Now that it is fully supported, I don't think you can go wrong with the Sony 330 or the 350. What you spend initially in the 330 over the XL-H1 will save you so many headaches, and not just down the road - even now. The XL-H1 has inherited genes from a styling exercise with a surprisingly good imager. Sadly, Canon (who makes FANTASTIC and very ergonomically friendly still cameras) can't put their expertise in professional imaging into their video gear. I think they limit themselves by the prosumer marketing target.

But Sony has come up with an excellent camera in the XDcam HD system. If you're looking at the 350, I would suggest also looking at the tape-based Panasonic HDX-900. Non-variable frame rates (only 30,24,60, etc..), but it's a great form factor and a true 2/3" chip.
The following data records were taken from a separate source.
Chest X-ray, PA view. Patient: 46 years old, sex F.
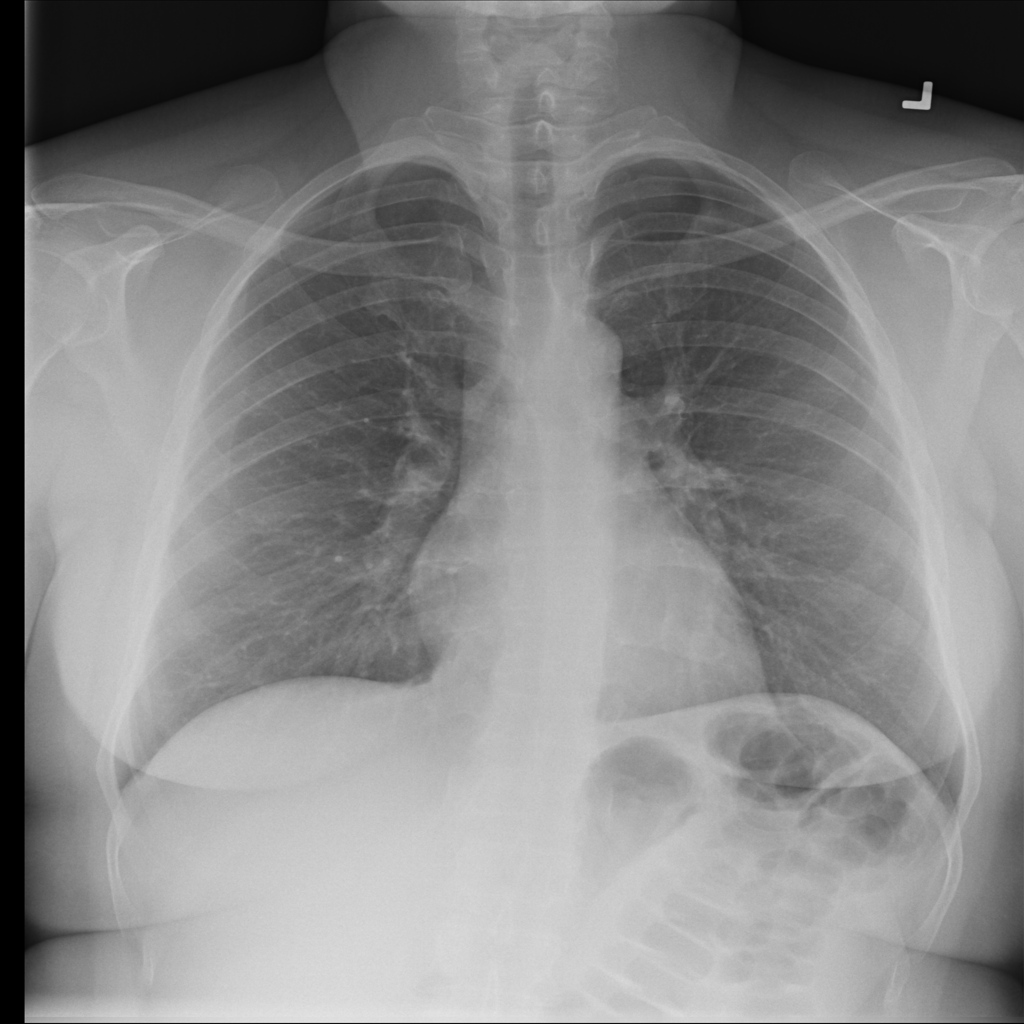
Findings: No Finding

The larger chip makes a HUGE difference, from the XDcam over the Xl-h1, or the HDX-900 over the XDcam. 2/3" glass needs to resolve less than 1/2" glass, and there is FAR more of it on the market. Media is about the same between XDCAM and DVCPRO-HD, so it's basically a wash there.
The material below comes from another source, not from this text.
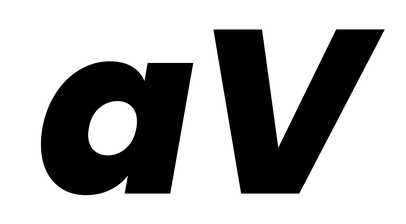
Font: Poppins-ExtraBoldItalic

I would suggest trying every camera you think you'll use. Even if it costs you a few hundred bucks to fly to a city that has all of them, do it. It's worth the trouble up front to save frustrations down the road. If you're dropping close to 20,000 incl. accessories, the 200-300 to go take a test drive is pretty insignificant. All of our opinions can be helpful, but in the end, the camera you like best is the one for you.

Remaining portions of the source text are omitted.